The tests below confirm this and also reveal excessive memory allocation when running JVM in containers on a MacOS host
Testing
Setup
Operating Systems | : | MacOS 13.6 / Linux Ubuntu 22.04 |
Architectures | : | ARM64, X86_64 |
Java Versions | : | Amazon Corretto 21.0.1, 17.0.9, 11.0.21, 8.0.392 |
Docker Engine | : | 24.0.6 |
Implementation
The code below (also on GitHub) allows controlling the number of threads, stack depth, and heap allocation per thread:
/** Recursive method to fill the stack */
void fillStack(int frameCount) {
// Unused primitives consume stack on each frame, since
// "frames may be heap allocated": https://docs.oracle.com/javase/specs/jvms/se21/html/jvms-2.html#jvms-2.5.2
var p1 = 1L;
var p2 = 1L;
if (frameCount > 0) {
fillStack(frameCount - 1);
}
}
For each thread, we allocate the heap and stack:
public void spawnThreads(int threadCount, int heapPerThread, int frameCount) {
System.out.println("\nSpawning " + threadCount + " threads, each consuming ~"
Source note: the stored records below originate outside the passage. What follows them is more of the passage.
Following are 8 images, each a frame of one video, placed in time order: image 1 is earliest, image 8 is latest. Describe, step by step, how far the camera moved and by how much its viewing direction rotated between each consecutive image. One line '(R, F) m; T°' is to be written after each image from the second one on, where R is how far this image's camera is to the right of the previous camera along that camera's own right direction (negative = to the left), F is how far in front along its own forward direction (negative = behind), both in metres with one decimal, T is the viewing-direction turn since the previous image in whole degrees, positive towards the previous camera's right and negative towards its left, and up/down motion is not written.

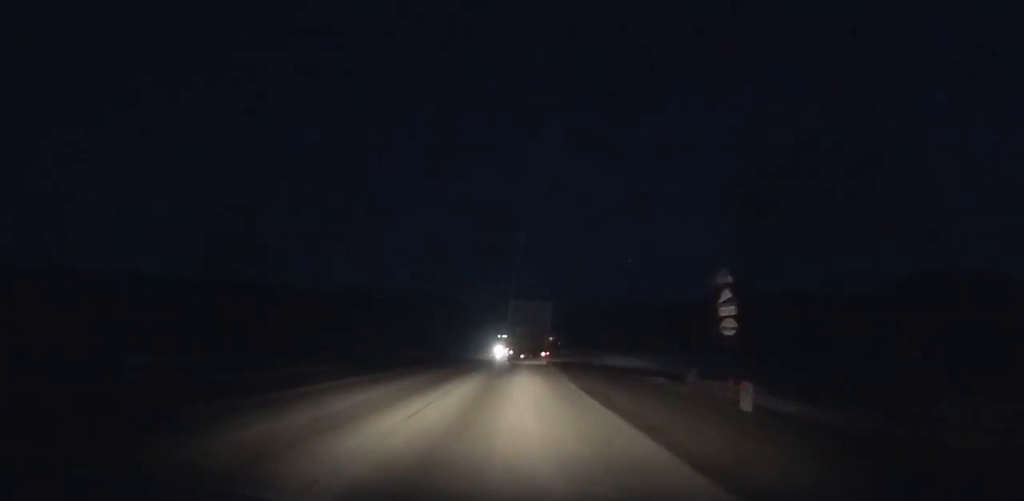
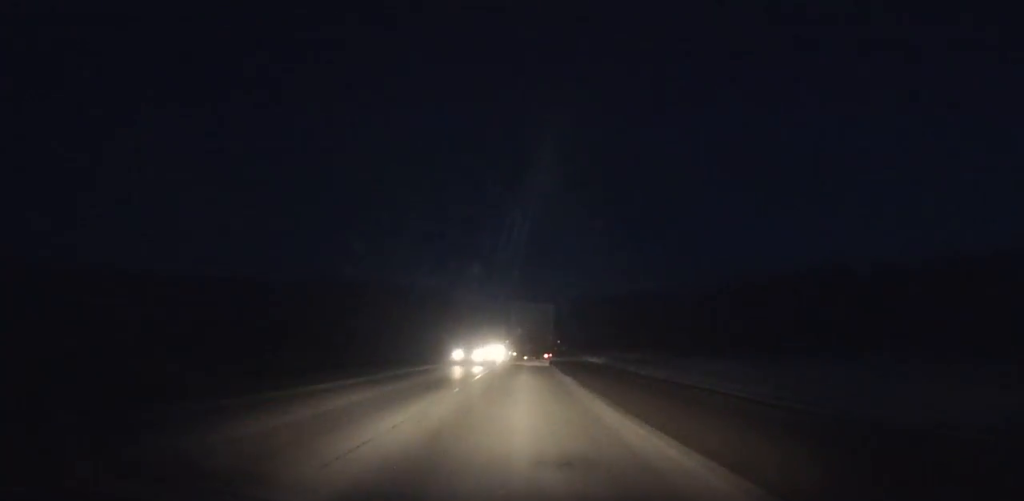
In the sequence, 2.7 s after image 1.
(+0.4, +49.3) m; +1°
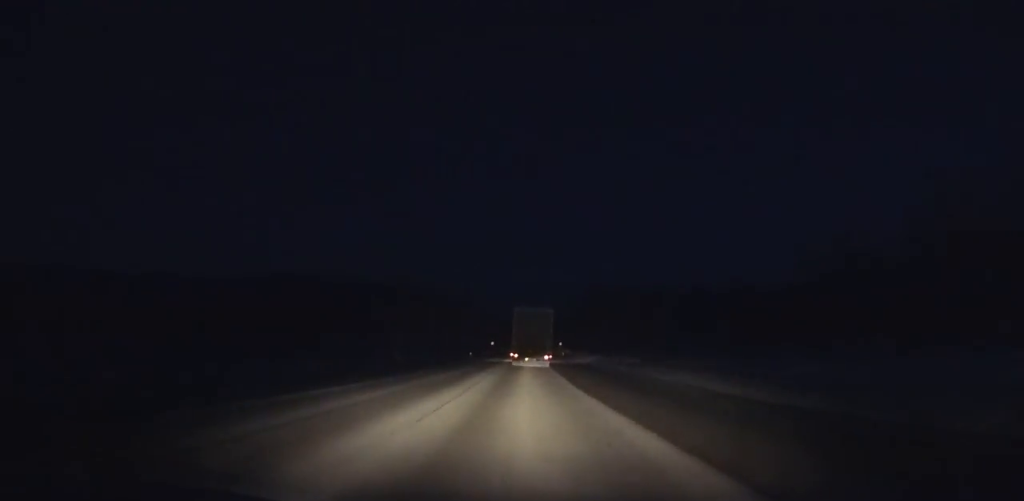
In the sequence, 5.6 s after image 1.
(+0.5, +54.5) m; +1°
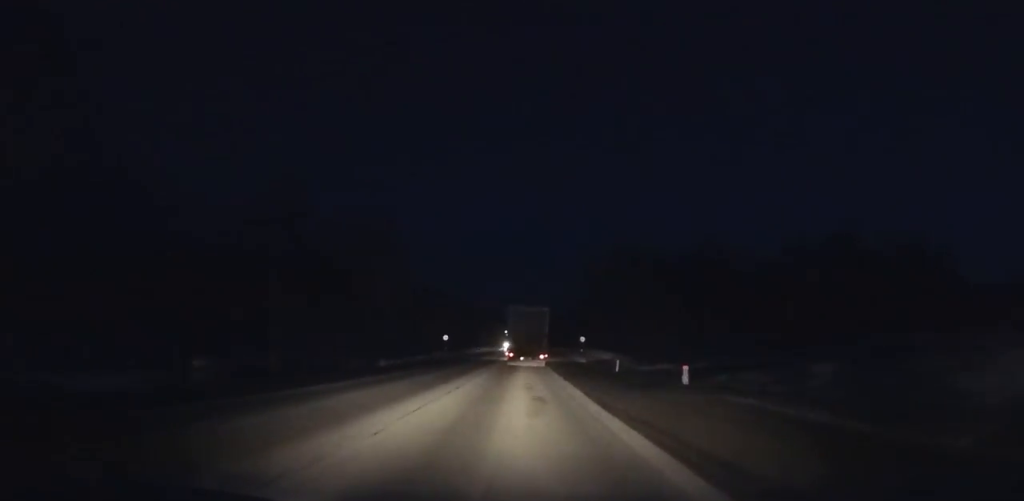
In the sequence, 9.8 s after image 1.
(+0.8, +79.4) m; +1°
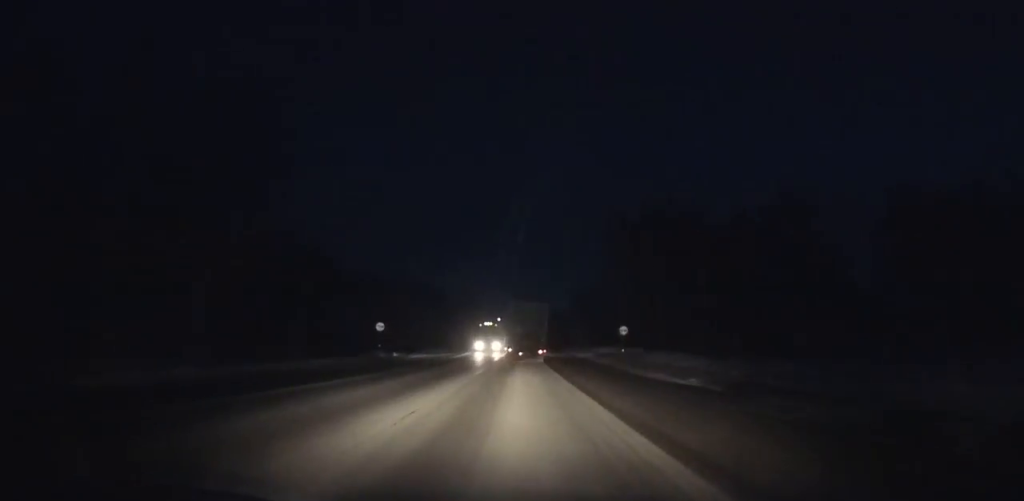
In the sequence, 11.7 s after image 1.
(+0.3, +35.7) m; 0°
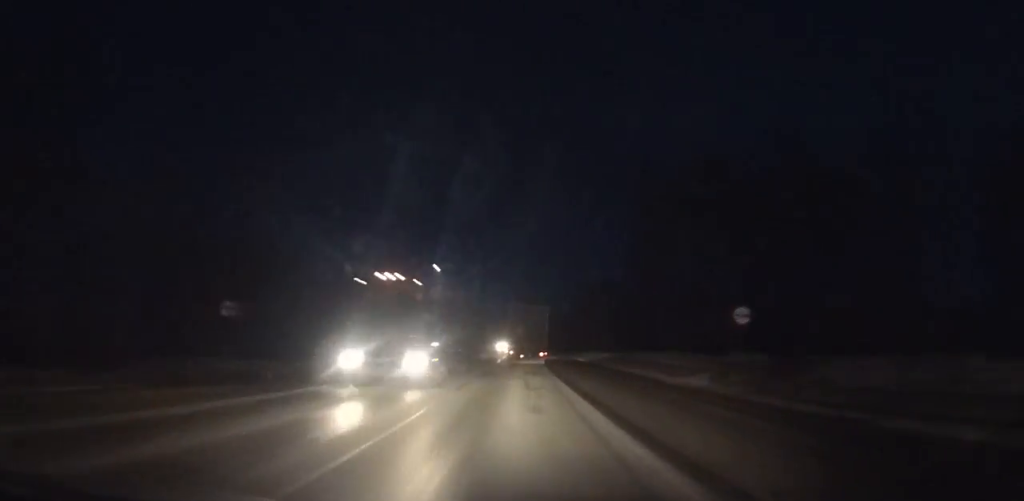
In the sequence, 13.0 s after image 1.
(+0.1, +24.4) m; 0°
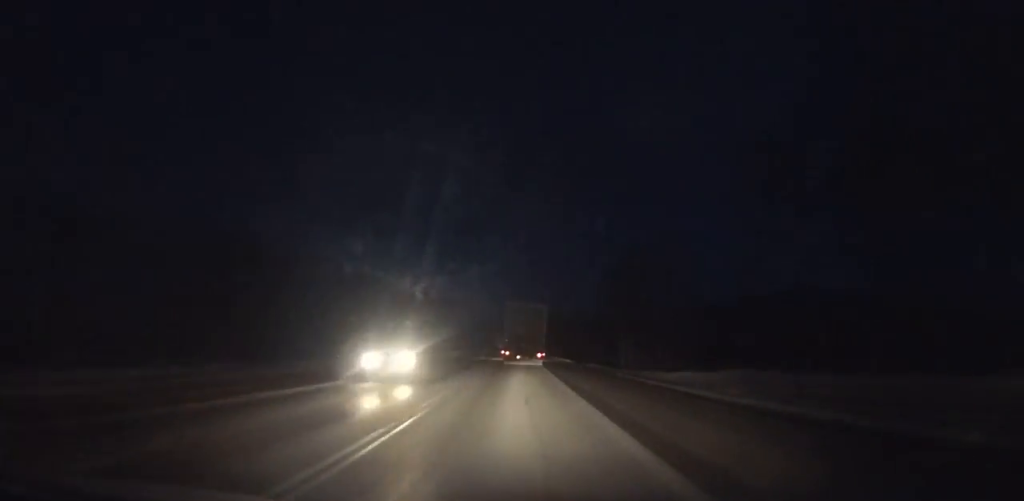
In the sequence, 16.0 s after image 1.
(+0.1, +56.0) m; 0°
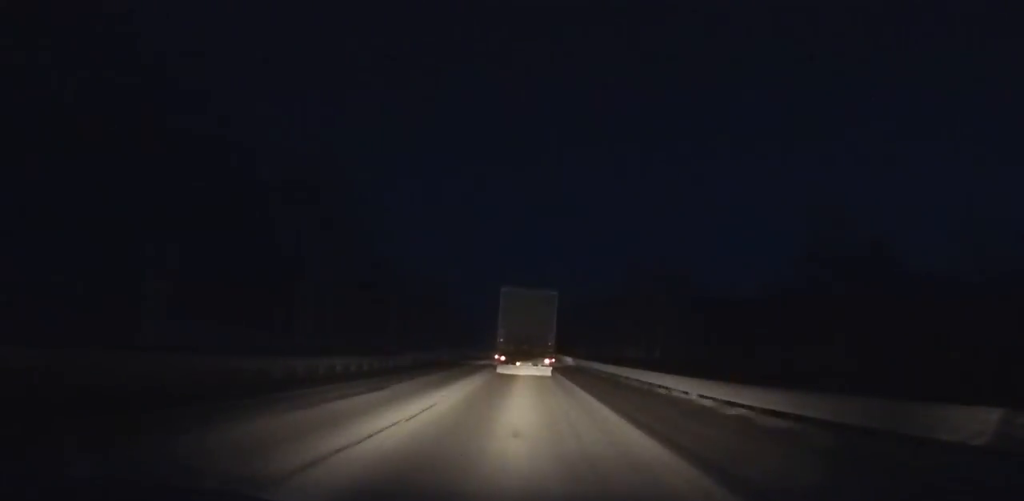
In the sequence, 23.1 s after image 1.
(-0.7, +125.4) m; 0°

+ heapPerThread + " KB heap, " + frameCount + " stack frames\n");
IntStream.rangeClosed(1, threadCount).forEachOrdered(value -> new Thread(() -> {
// Allocate heap
byte[] heapArr = new byte[heapPerThread * 1024];
// Allocate stack
fillStack(frameCount);
System.out.print("\r" + threadCount + " threads created");
// Block the thread
try {
countDownLatch.await();
} catch (InterruptedException e) {
throw new RuntimeException(e);
}
}).start());
System.out.println("\nPID: " + ManagementFactory.getRuntimeMXBean().getPid());
}
Testing on the host
Changing the stack depth
We will start with Java 17 on MacOS on ARM64 architecture.
Our testing parameters include a 1536 MB heap limit, 1000 threads, each handling approximately 100 KB-sized objects in heap, and a JVM stack size option set to 2048 KB.
To assess memory usage, we’ll compare scenarios with 0 and 1000 stack depth, employing both native memory tracking and the ‘ps’ command.
Stack depth 0:
$ java -Xint -Xmx1536m -Xss2048k -XX:+UnlockDiagnosticVMOptions -XX:NativeMemoryTracking=summary com.berksoftware.article.jvmstack.MemoryFiller 1000 100 0
Spawning 1000 threads, each consuming ~100 KB heap, 0 stack frames
1000 threads created
PID: 62972
NMT report:
Total: reserved=4981866KB, committed=2731770KB
malloc: 27930KB #36432
mmap: reserved=4953936KB, committed=2703840KB
- Java Heap (reserved=1572864KB, committed=526336KB)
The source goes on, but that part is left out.